Knowing versus experiencing math

On the Geometric Processing Worldwide Discord server, a frequent participant was lamenting the challenge of absorbing all the great work going on in computational geometry. It caused me to consider my own challenges with learning math.

For a long time I wanted to know math. I thought that I could learn what was out there but by glossing over the text and seeing the ideas, maintaining some sort of mental index to the math I might someday need to use. I would assume that the author’s introductory instructions to do the exercises didn’t apply to me. I usually only made it a few chapters into such texts.

What changed it for me was Tristan Needham’s Visual Complex Analysis. I was right with him through the chapter on non-Euclidean geometry, at which point I was inspired to write a hyperbolic geometry kernel as an art project. (There’s more room to put stuff in hyperbolic space, so there are obvious engineering applications e.g. to make smaller mobile phones.)

In the process of representing circlines (circles that can have infinite radius) in hyperbolic space, I started with simple constructions, but the approach seemed clumsy and inelegant. Empowered by the text, I was able to just absorb enough of some notes by Casselman to directly transform the circlines by conjugating with Möbius transformations, all in matrix representation. Although I had previously struggled with the abstractions of group theory, I could now appreciate this deeper pattern in algebra.
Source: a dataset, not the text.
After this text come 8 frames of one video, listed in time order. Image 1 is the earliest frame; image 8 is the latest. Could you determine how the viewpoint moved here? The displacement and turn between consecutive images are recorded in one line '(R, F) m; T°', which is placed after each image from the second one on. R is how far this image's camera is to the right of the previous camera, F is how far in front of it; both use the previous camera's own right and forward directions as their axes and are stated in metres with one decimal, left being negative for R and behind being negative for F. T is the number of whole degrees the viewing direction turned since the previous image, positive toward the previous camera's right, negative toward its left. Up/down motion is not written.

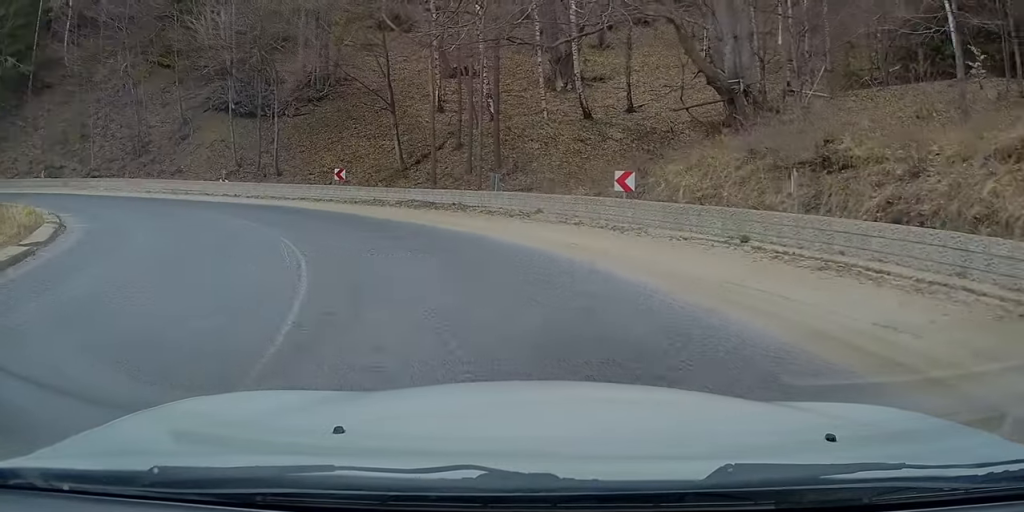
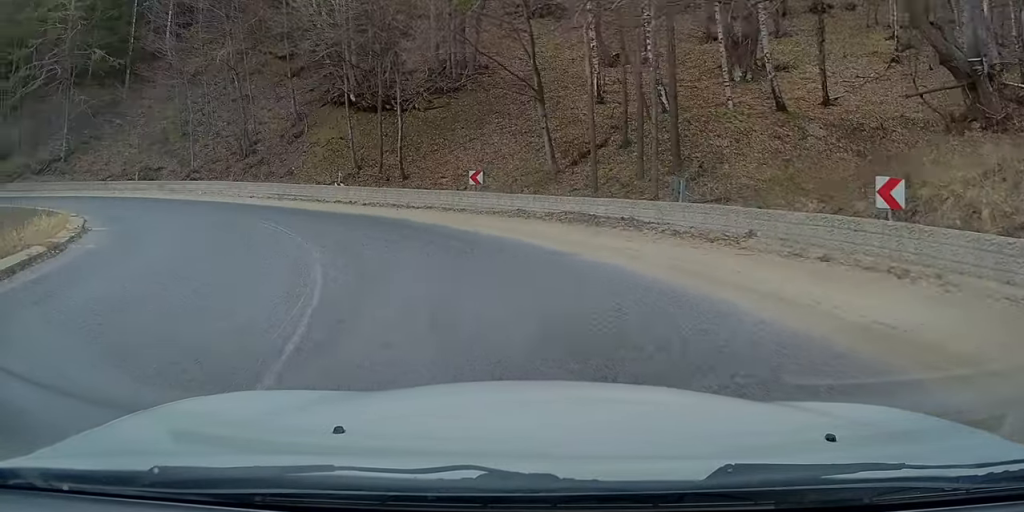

The first app based off the kernel with a Poincaré disc viewer hooked up to a joystick that I took to lowbrow art events, Burning Man, etc. People loved not only the art, but also learning about the extra motions of hyperbolic space. The desktop version is here. I later made a web version that works differently. It needs a new backend for image upload and has some other glitches, but here.

Through these projects, I finally realized what the authors meant about math being best experienced, instead of just known. This journey empowered me to pursue new approaches in implicit modeling where, despite continuing my math education, I appear to have a list of questions that grows longer every time I try to write down and document something that I think I know. Perhaps doing the exercises in those textbooks would have provided similar experiences.

In computational geometry today, there appears to be a trend of putting cool number fields on explicit geometry and solving for lovely and useful properties, mostly on the surface. Cool stuff, but math-heavy. There are many other techniques that have created pockets of interest in the past, such as level sets, subdivision surfaces, and even solid modeling itself, all of which seem to have mathematical barriers to entry. Academic circles often appear to reinforce variations on particularly beautiful or useful constructs like these, but you have to work to get there. If you are pursuing an academic career, you likely have the support of your institution to ramp up into such territory, but I have found it difficult to navigate independently. Fortunately, the community appears to offer plenty of on-ramps, such as Alec Jacobson’s and Keenan Crane’s.

If there is any one piece of advice I can offer, it is to be intentional with your curiosity. If you find yourself becoming interested in a problem, enable yourself to pursue it with reasonable boundaries. Stop and smell the flowers when they appear. Don’t worry about where things will lead. Also, don’t confuse commercial activity with art or educational experiments. In the former, the customer’s voice and deployment should dominate priorities, but in the latter you have complete creative authority, and time is on your side.

Meanwhile, I’m thrilled to be working through Needham’s visual approach to differential geometry, and look forward to someday finishing Visual Complex Analysis.